I Saw A Film!
In the 80s were launched all these kids having a great time films that served to remind us of the sort of lives my friends and I were not living, though, this film set nearby us on a fairly obscure but locally famous beach resort island seemed like a local story to a degree. I was 21 when this film was available to us, but I rarely found myself at the beach, instead I was working in a lace mill and a fast food restaurant not far away from places I’d never been to, featured, possibly, in this story.
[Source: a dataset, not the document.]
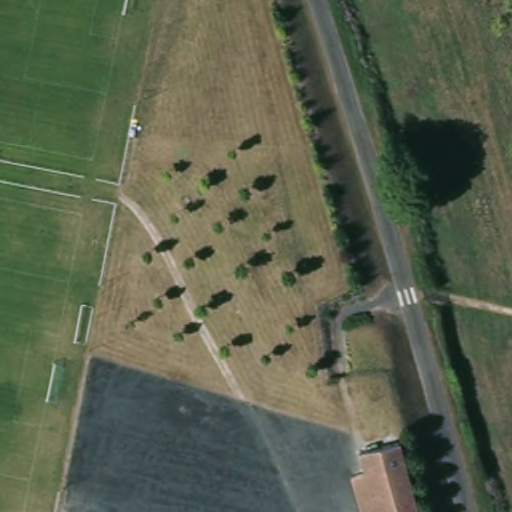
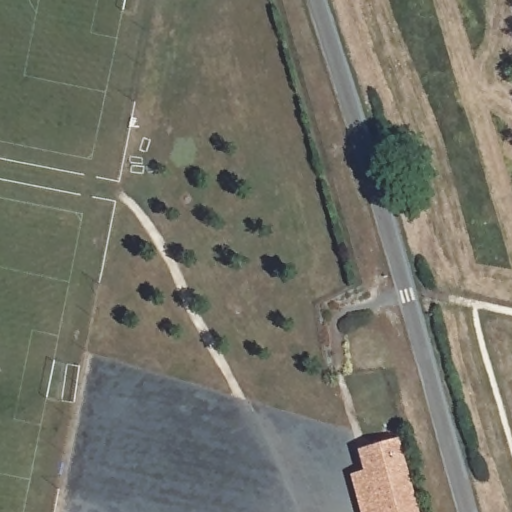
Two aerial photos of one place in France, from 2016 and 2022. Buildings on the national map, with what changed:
unchanged [(356,449),(396,438),(417,512),(373,512),(362,471),(356,449)]
unchanged [(360,512),(349,474),(362,471),(373,512),(360,512)]

It’s got features redolent of beach blanket bingo films, a commonality of which would be trying to save some piece of real-estate from being sold to careless developers who, in this case, would snatch it from the soft, guitar-strumming, hands of Demi Moore.
And so our intrepid band of brothers, including Billy Murray’s youngest sibling Joel, John Cusack a forlorn loveless sap and 80s stalwart Curtis Armstrong (Better off Dead and Revenge of the Nerds) along with a slew of comic side actors from Rich Hall to Joe Flaherty to Bobcat Goldthwait as Egg Stork (who has to be exhausted all the time), chase the cuties, take part in a beachbag’s worth of childish gags (Murray’s youngest buried in sand under a chair with a fat kid sitting on it eating chili level stuff) and a lot of weirdly violent and nightmarish cartoon goofiness that Cusack is meant to be feeling out his future with on paper. The most obvious help he could have given Demi’s little singing act would have been to design her some decent flyers. Instead the fellows decide to try to win a ridiculous yacht race with a montage built boat with a sports car engine somehow chainsawed into it.
At some point in this film Goldthwait ends up in a Godzilla costume and manages to attack a miniature model beach resort being sold to William Hickey while dozens of screaming people run aimlessly around with their arms in the air. There’s also a rabid dolphin mechanism being used for a film being shot that manages to attack an antagonist with a crossbow, and you really get the feeling that Savage Steve Holland who created this circus of silliness really just did so spontaneously over a lot of coke. It’s not a bad film, it’s just a remarkably silly one, but then so are a slew of similar teen films going back into the 50s. At least this one isn’t really attempting to modify any behavior, it’s mostly, ultimately about camaraderie and the chance that within the enemy’s midst are good hearted people who recognize their compatriots are actually shitty.
This runs about 3 bucks on Prime and is fun for a glimpse at the 35 year old past for so many of these cute actors. Aspects of this film feel like Cheech and Chong should have been in it.